The Cross-Vendor Prompt Injection Disclosure Grid
The following grid aids security teams in evaluating frontier models. Each row highlights disparities among the four labs, where direct comparisons falter. Data for Anthropic is sourced from the Opus 4.8 system card, while the others rely on each vendor’s safety documentation.
|
Dimension |
Anthropic, Opus 4.8 |
OpenAI, GPT-5.5 |
Google, Gemini 3.x |
Meta, Llama stack |
|
Safety document |
System card, May 28 2026, 244 pages |
System card, April 23 2026, updated April 24 |
Model card plus a separate Frontier Safety Framework report |
No closed-model card. Open weights plus the Purple Llama stack |
|
Injection benchmark or dataset |
ART from Gray Swan and UK AISI, the Shade tool, plus an internal browser eval, 129 environments |
Internal connectors evaluation, known attacks |
None for injection |
AgentDojo, 97 tasks |
|
Surfaces with an injection eval |
Four. Tool use, coding, computer use, browser |
One. Connectors |
None published for injection |
One. AgentDojo agent tasks |
|
Multi-attempt escalation shown |
Yes. ART benchmark at 1, 10, 100. Coding and computer use at 1 and 200 |
No. A single score |
No |
No |
|
Headline metric and unit |
Attack-success rate. Browser, with thinking, 31.5% raw, 0.5% safeguarded |
Robustness score, higher is better. 0.963, down from 0.998 for GPT-5.4-thinking |
None published. Increased resistance claimed qualitatively |
Attack-success rate on AgentDojo. 17.6% baseline to 1.75% combined |
|
Live external bounty |
Yes. One-week live injection bounty with external red-teamers |
No injection bounty. Bio bounty only |
None found |
None found |
|
Regression disclosed |
Yes, explicit, with numbers |
Number fell 0.998 to 0.963, not framed as a regression |
Increased resistance claimed, no numbers |
Not applicable |
Five Considerations for Security Teams
Anthropic provided comprehensive testing across four surfaces, while OpenAI evaluated just one. Google did not disclose per-surface rates, and Meta focused on grading its defenses rather than the model itself. These varied disclosures don’t facilitate straightforward comparisons, but following these five steps can help build a comprehensive evaluation.

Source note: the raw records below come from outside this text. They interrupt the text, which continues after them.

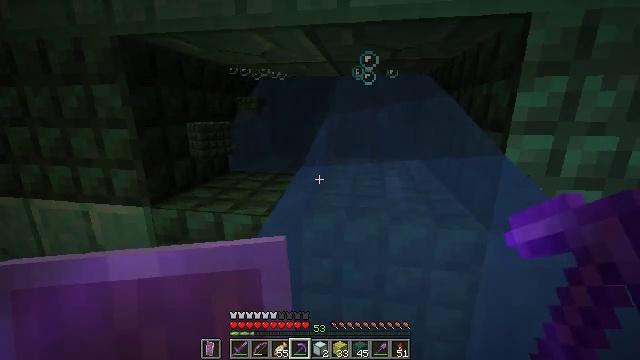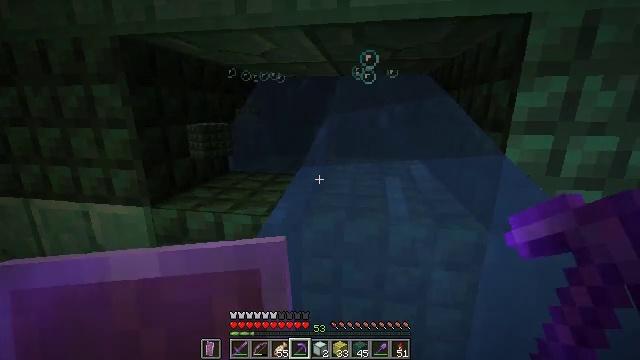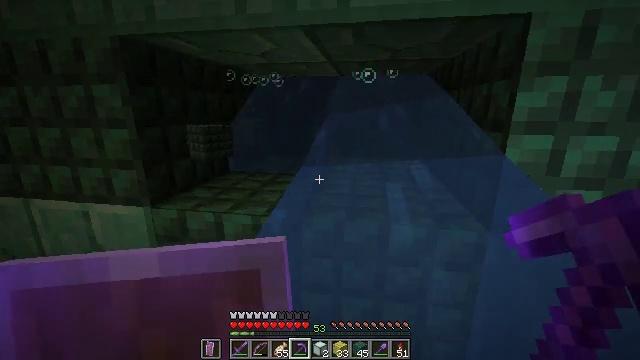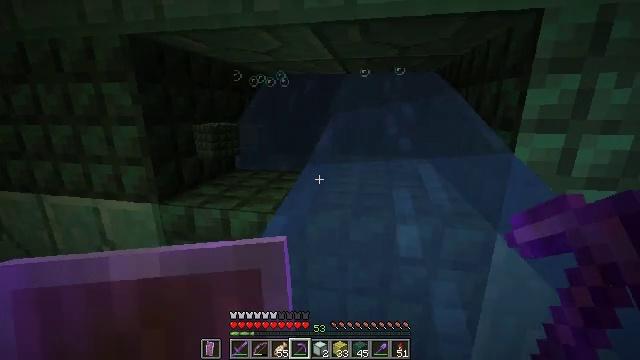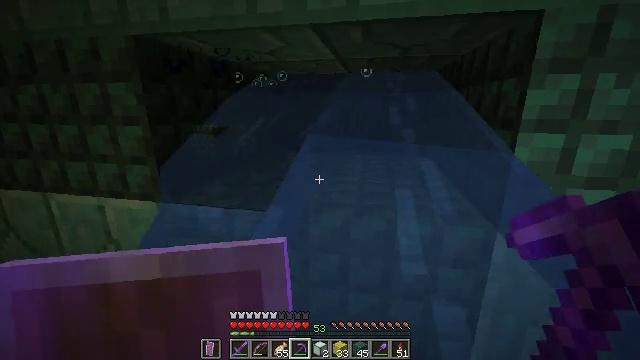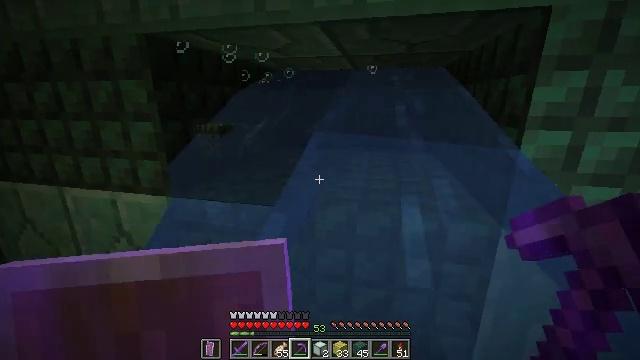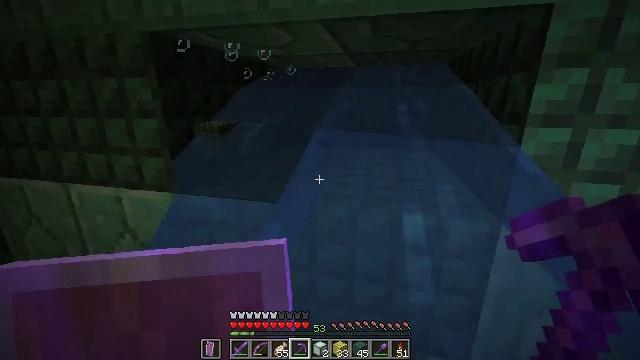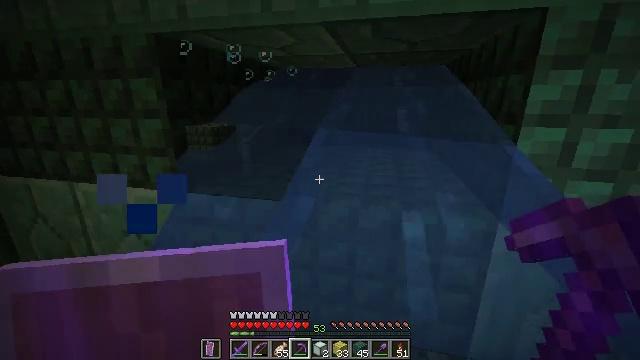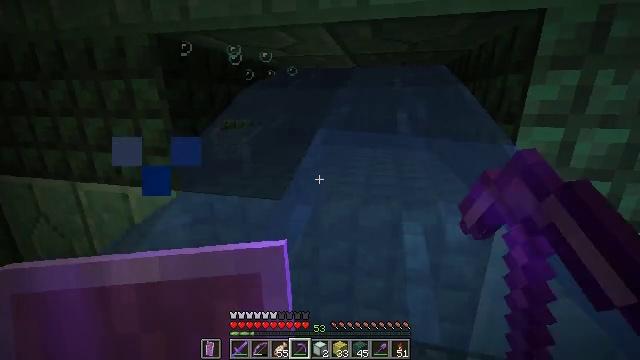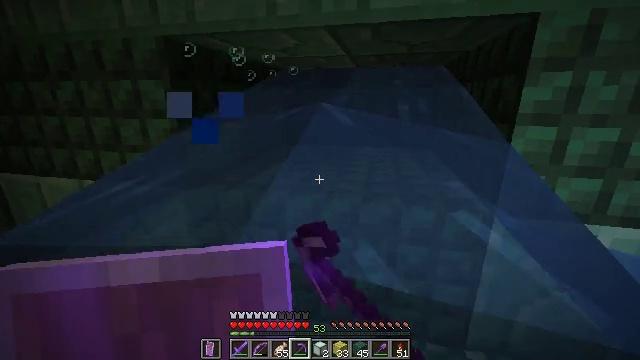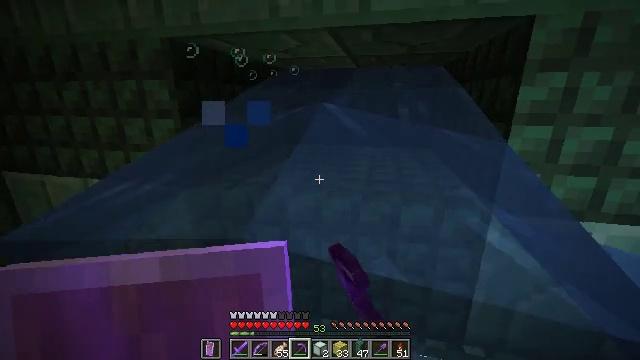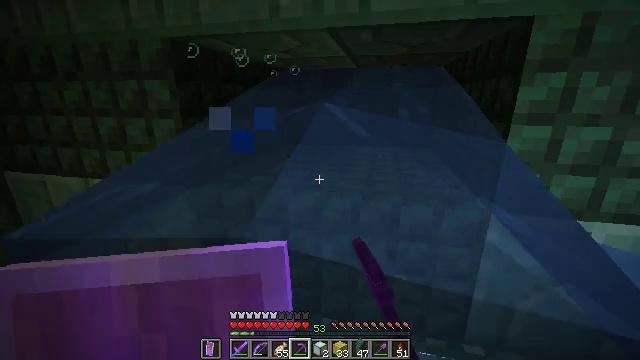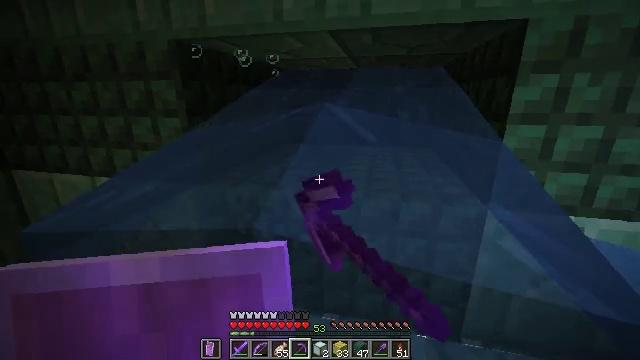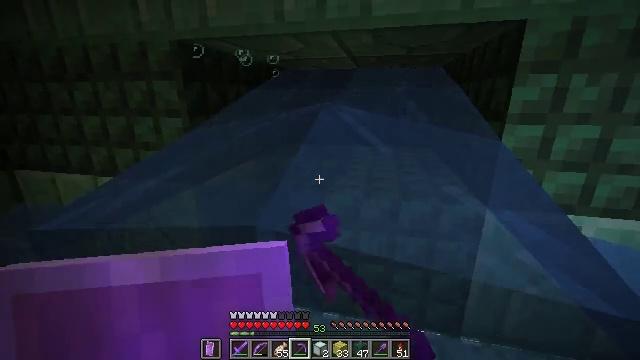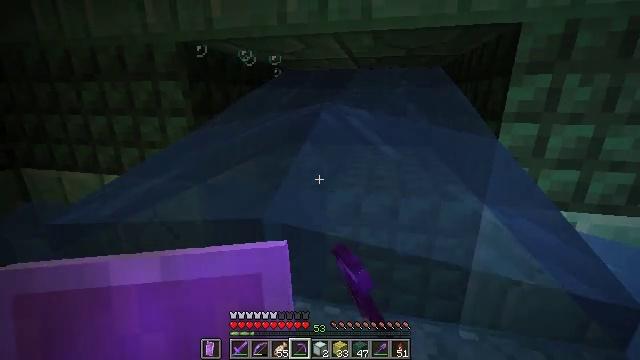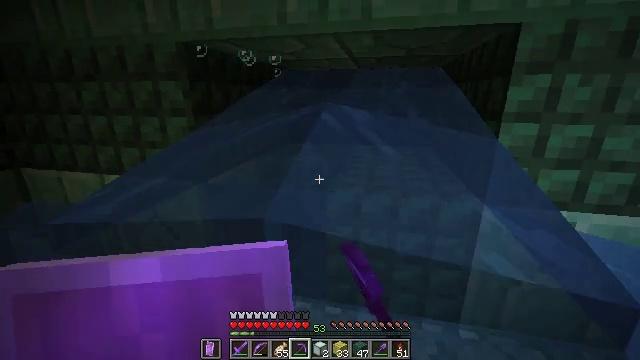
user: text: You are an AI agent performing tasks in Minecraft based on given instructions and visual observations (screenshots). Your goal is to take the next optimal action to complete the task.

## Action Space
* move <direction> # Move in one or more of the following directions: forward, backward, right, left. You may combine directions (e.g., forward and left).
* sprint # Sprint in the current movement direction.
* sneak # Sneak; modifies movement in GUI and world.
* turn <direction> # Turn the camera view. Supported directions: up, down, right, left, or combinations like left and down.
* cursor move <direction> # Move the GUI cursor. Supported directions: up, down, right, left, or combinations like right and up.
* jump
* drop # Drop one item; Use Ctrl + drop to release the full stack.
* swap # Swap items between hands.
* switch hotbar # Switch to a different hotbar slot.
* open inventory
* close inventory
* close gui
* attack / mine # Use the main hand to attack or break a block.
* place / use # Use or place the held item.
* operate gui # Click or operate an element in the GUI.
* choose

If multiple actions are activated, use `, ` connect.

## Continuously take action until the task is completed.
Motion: motion action
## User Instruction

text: Dig the underwater dark prismarine.
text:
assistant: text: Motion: no_op
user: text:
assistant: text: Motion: no_op
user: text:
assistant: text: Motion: turn left
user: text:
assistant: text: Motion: no_op
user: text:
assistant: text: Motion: turn left
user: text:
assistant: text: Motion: no_op
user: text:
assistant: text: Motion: attack / mine
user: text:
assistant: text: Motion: attack / mine
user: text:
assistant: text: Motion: attack / mine
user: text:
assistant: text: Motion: attack / mine
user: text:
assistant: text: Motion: attack / mine
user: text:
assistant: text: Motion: attack / mine
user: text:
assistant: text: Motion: attack / mine
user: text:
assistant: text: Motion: attack / mine
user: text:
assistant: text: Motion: attack / mine
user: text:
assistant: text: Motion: turn right, attack / mine
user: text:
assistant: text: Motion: attack / mine
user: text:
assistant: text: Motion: attack / mine
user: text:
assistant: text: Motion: attack / mine
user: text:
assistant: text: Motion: attack / mine
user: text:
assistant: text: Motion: move forward, attack / mine
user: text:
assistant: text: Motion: move forward, turn right, attack / mine
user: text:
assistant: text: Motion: move forward, turn right, attack / mine
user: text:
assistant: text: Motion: move forward, attack / mine
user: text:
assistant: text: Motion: move forward, attack / mine
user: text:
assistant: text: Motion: move forward, turn right and down, attack / mine
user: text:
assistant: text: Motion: turn right and down, attack / mine
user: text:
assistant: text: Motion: attack / mine
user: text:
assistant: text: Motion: attack / mine
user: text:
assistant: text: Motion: attack / mine

Identify and categorize all agents based on their interface—browser, code, connectors, or desktop. Anthropic’s Opus 4.8 shows a 2.09% rate for coding and 0.5% for browser applications. A generalized figure is inadequate. Obtain the vendor’s published rate for each surface. If unavailable, consider it untested.
Share the Cross-Vendor grid with all evaluated vendors. A 0.963 connectors score and a 31.5% browser rate should not be directly compared. Request detailed per-surface attack success rates, both raw and with safeguards, along with the attack methodology. Blank cells indicate lack of first-party data.
Clarify in writing which metrics apply to your integration. Anthropic’s 0.5% figure pertains to Claude in Chrome and Cowork with full safeguards. The API lacks these protections. Do not accept product figures for API deployments.
Include two specific clauses in the RFP. Ensure the vendor tested with adaptive attackers capable of rewriting payloads and that external parties attempted to breach the model. Anthropic used Gray Swan’s Shade tool and conducted a one-week paid bounty. OpenAI relied on known attacks for one surface. Real-world adversaries will not use known payloads.
Conduct an independent injection test prior to deploying any agent. Vendor figures are based on their system prompts and environments. Your configuration has its own prompts, permissions, and data access, requiring a unique evaluation. Set a pass threshold; anything exceeding it should not be deployed.
In conclusion, without an established standard, a vendor’s figures reveal what they chose to measure. Your red team’s evaluation will expose your vulnerabilities.